Michael fought valiantly, staying calm and putting up a respectable second-place finish. For a player in only his tenth event, holding his own against a national top-1000 competitor on one of Stern’s trickiest modern titles was a statement. Kelly had her moments, but brutal outlanes punished her attempts at recovery, leaving her to settle for third.

The impact of the round was larger than just the score sheet. For Andrew, the Round 8 win essentially clinched the tournament. For Michael, it was the proof point that his podium finish wasn’t a fluke. And for Kelly, it was the kind of tough draw that turns a Tuesday night into a story retold over beers at the bar.

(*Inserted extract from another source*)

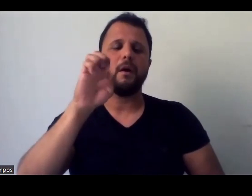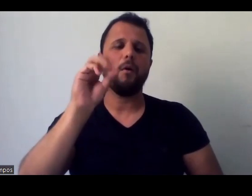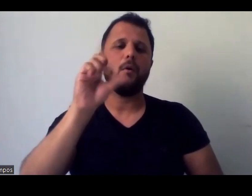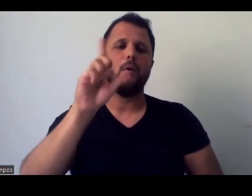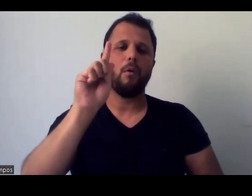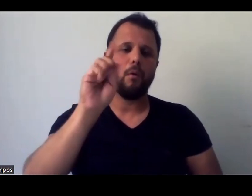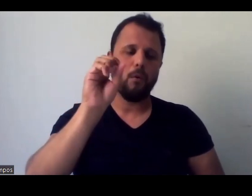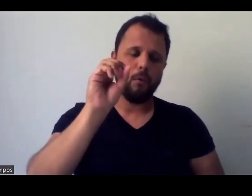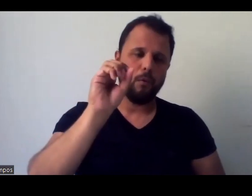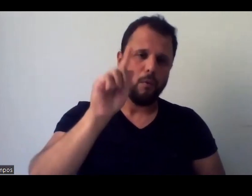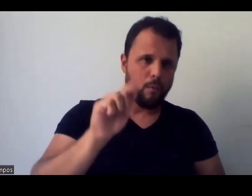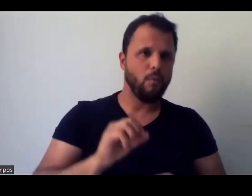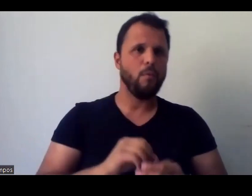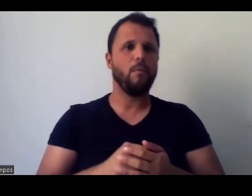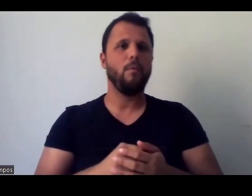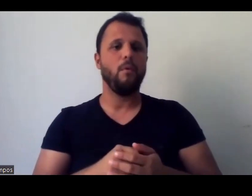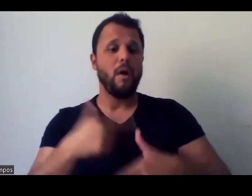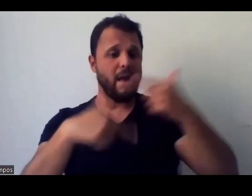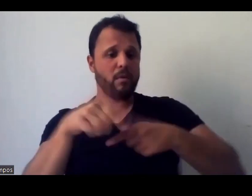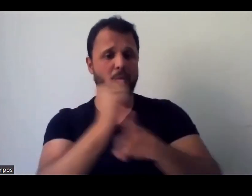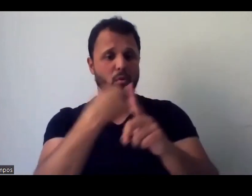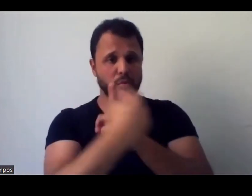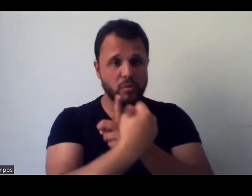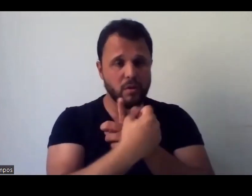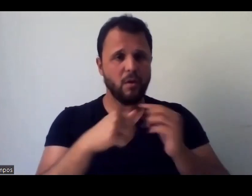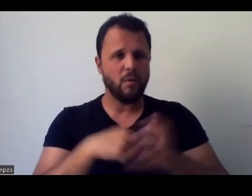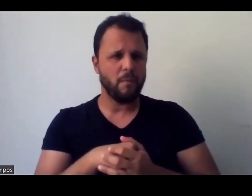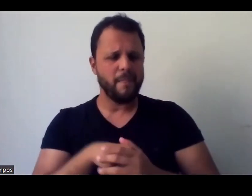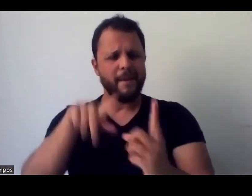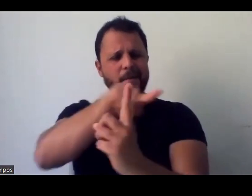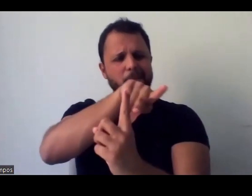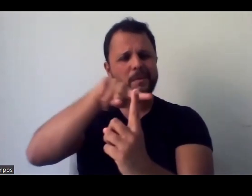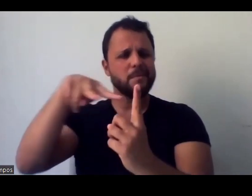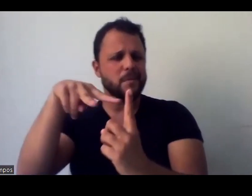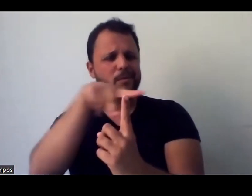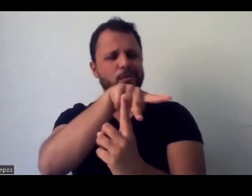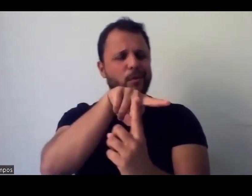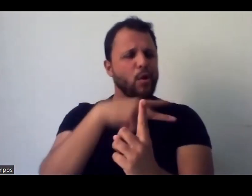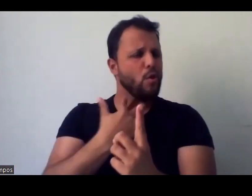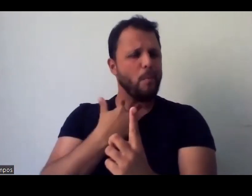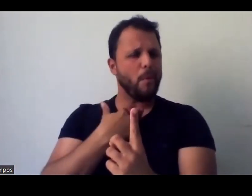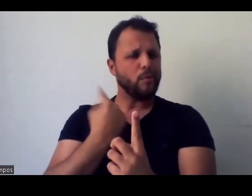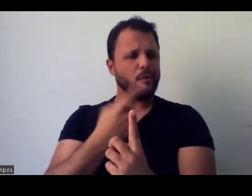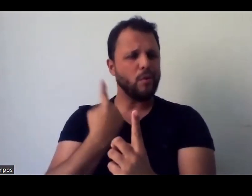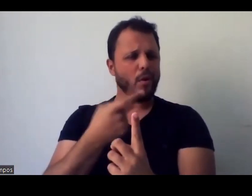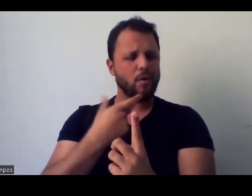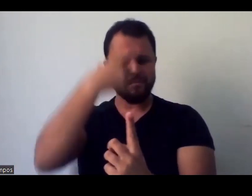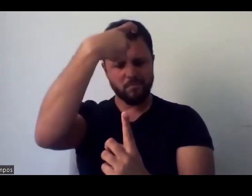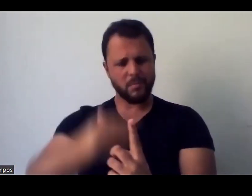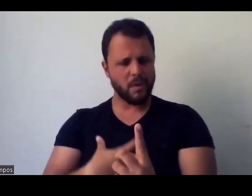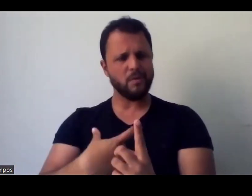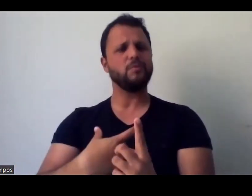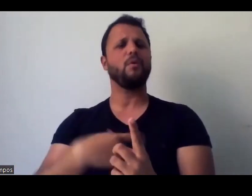como, né, um trabalhador social, então, nessa perspectiva, não tira a responsabilidade da gente, pessoa física,

Washington’s Bigger Picture

While Tik Tok’s weekly matchplay was its own intimate battleground, it’s worth zooming out. Washington state boasts one of the strongest competitive pinball scenes in the country, and the current IFPA Top 10 is stacked with talent:

Rank Player Name City WPPR Points
1 Germain Mariolle Redmond 939.73
2 Jarrett Gaddy Seattle 756.5
3 Conrad Rustad Bremerton 714.79
4 Joshua Francis Edmonds 694.47
5 Richie Terry Seattle 598.13
6 David Johnston US Seattle 566.36
7 Jaran Jones Seattle 553.27
8 Leslie Ruckman Seattle 534.37
9 Ryan Slanicka Tacoma 511.88
10 Dave Stewart Carnation 489.81

With Conrad Rustad holding the #3 spot statewide, Bremerton already has representation in the elite ranks. Players like Andrew McCann and Richard Godwin may not yet be in this statewide top tier, but tournaments like Tik Tok’s weekly series show the depth of competition brewing locally. The gap between Tuesday-night basement battles and the top of Washington’s standings isn’t as wide as it looks — and that’s what makes these weeklies matter.

How It Ended

When the final balls drained, the storylines converged:

  • Champion: Andrew McCann — cool, consistent, ruthless when it mattered.
  • Runner-up: Richard Godwin — the organizer kept pace, but couldn’t topple his long-time rival.
  • Third: Michael Lawrence — the breakout star of the night, podium finish in just his tenth event.
  • Fourth: Colleen Godwin — steady, with her Monster Bash win as the highlight.
  • Fifth: Kate Janeway — her wins on Fireball and D&D made her the night’s spoiler.
  • Sixth: Kelly Frost WA — unlucky with groupings, but tenacious throughout.

The Spark of Pinball

For an event with only six players, Tik Tok’s Matchplay 9/23 felt bigger than its bracket. The machines spanned five decades of pinball history. The players carried years of rivalries, friendships, and — in the Godwins’ case — marriage into the mix. And in the end, Bremerton’s Tuesday night scene delivered what it always does: skill, drama, and a sense of community that makes every drain and jackpot feel personal.

At Tik Tok’s Workshop, you don’t need 50 players to have a story worth telling. You just need a few locals, a half-dozen machines, and the spark that comes when pinball becomes personal.

Content created with AI using IFPA and MatchPlay data.